Thought I would share these compact mirrors with everyone instead of always showing pens I made the red rose one earlier this year the other 3 I made yesturday.  They are the last of my compacts that I have I love making them. 

Thank you for Looking!!


----------



## snowman56 (Dec 13, 2010)

Wonderful work as allways.


----------



## Two Hair (Dec 13, 2010)

Very pretty


----------



## nativewooder (Dec 13, 2010)

As usuall, your pieces are just "WOW"!


----------



## Pioneerpens (Dec 13, 2010)

WOW is right! great work Toni!


----------



## renowb (Dec 13, 2010)

WOW! Looks good enough to eat! Nice work Toni! Very beautiful!


----------



## Toni (Dec 13, 2010)

Thank you so much for the complements!!


----------



## PenMan1 (Dec 13, 2010)

All good stuff, as usual! Keep up your excellent work.


----------



## Super Dave (Dec 13, 2010)

Toni, your work is beautiful!

Dave


----------



## ctubbs (Dec 13, 2010)

Tony and Doc, now that is a pair.  Wonderful work Toni.  Thanks you for sharing.
Charles


----------



## its_virgil (Dec 13, 2010)

What! No pens?
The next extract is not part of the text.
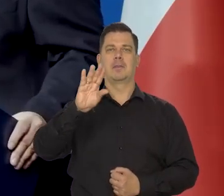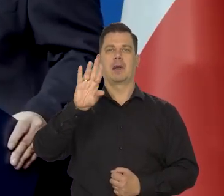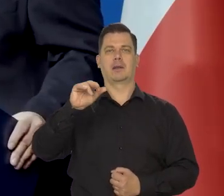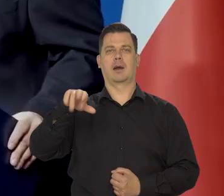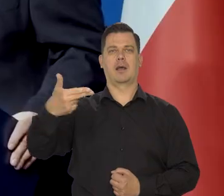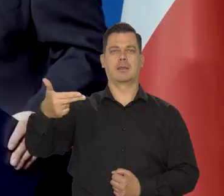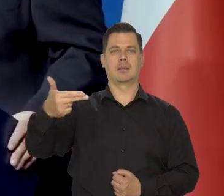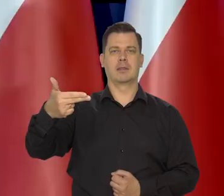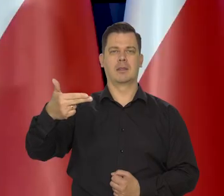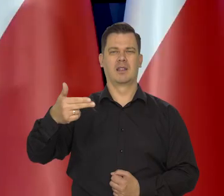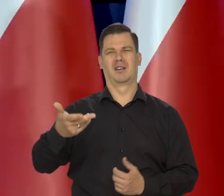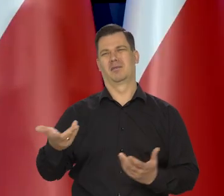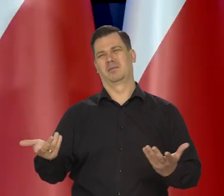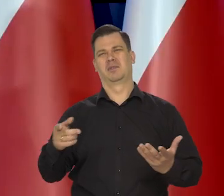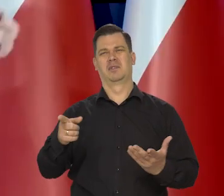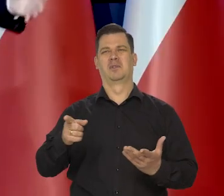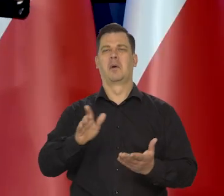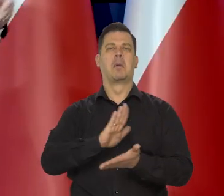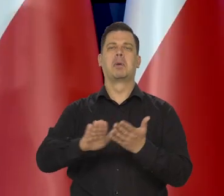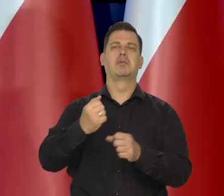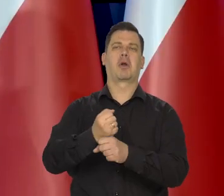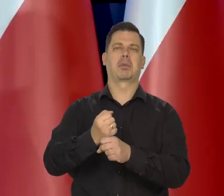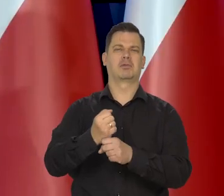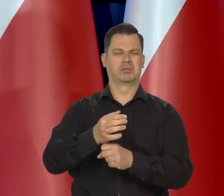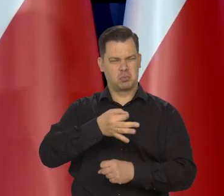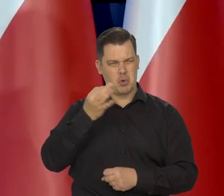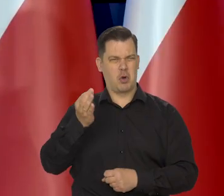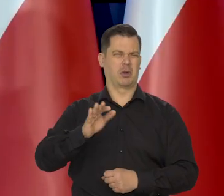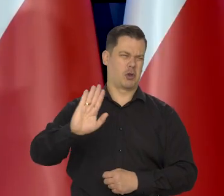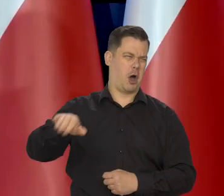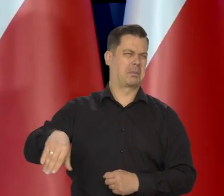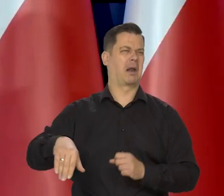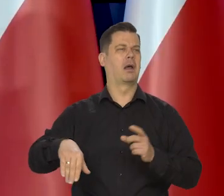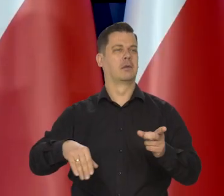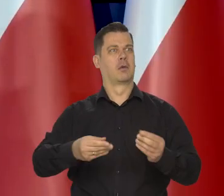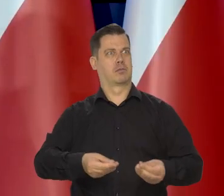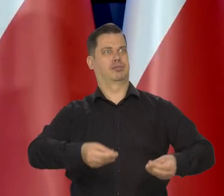by powiedzieli — no dobra, jest armia bezrobotnych, bo to pomaga zmobilizować innych i tak dalej, nie.

But, hey, your work makes even a plain ole compact look classy. Very nice....very nice indeed! I think the spell is broken.
Do a good turn daily!
Don


----------



## CaptG (Dec 13, 2010)

Just plain awesome,  as usual.  You never cease to amaze me.


----------



## jttheclockman (Dec 13, 2010)

Now those could be huge sellers. Put them with a pen and wow. Nice work as usual. Thanks for showing.


----------



## Penl8the (Dec 13, 2010)

Beautiful. I just love your work.


----------



## IPD_Mrs (Dec 13, 2010)

Toni,

Those are absolutely beautiful.  I would think that any female that carries a compact would be proud to show off one of your creations!

Linda


----------



## Nikitas (Dec 13, 2010)

AS I said earlier, your work is amazing!!!!
Brian Nikitas


----------



## holmqer (Dec 13, 2010)

Fantastic looking as usual. Out of curiosity are there standard sized inserts of pressed powder to put in these compact kits?


----------



## OKLAHOMAN (Dec 13, 2010)

Batgirl, some of the things that come out of your batcave would make even blind bats see...... just amazing.


----------



## nava1uni (Dec 14, 2010)

Toni,
You never cease to amaze me with your work.  Astonishingly beautiful.


----------



## OOPS (Dec 14, 2010)

Hi Toni:  These are just great, but I like looking at your pens too.  Don't hesitate to put them on this site  ANYTIME.  

Thanks.


----------



## Jim15 (Dec 14, 2010)

Awesome work Toni.


----------



## JimMc7 (Dec 14, 2010)

Beautiful work!  I really like the one with dark blue (or purple?) roses.


----------



## Toni (Dec 14, 2010)

Thank you Everyone!!


----------



## Nellieteach (Dec 14, 2010)

Toni,
Really like the compacts. Are they for sale? If so, where?
Thanks,
Nadine Nelson


----------



## Toni (Dec 15, 2010)

Nadine~I have sold the purple rose compact and the Turquoise compact if you are interested just pm me.


----------



## wm460 (Dec 17, 2010)

They are absolutely beautiful Toni.


----------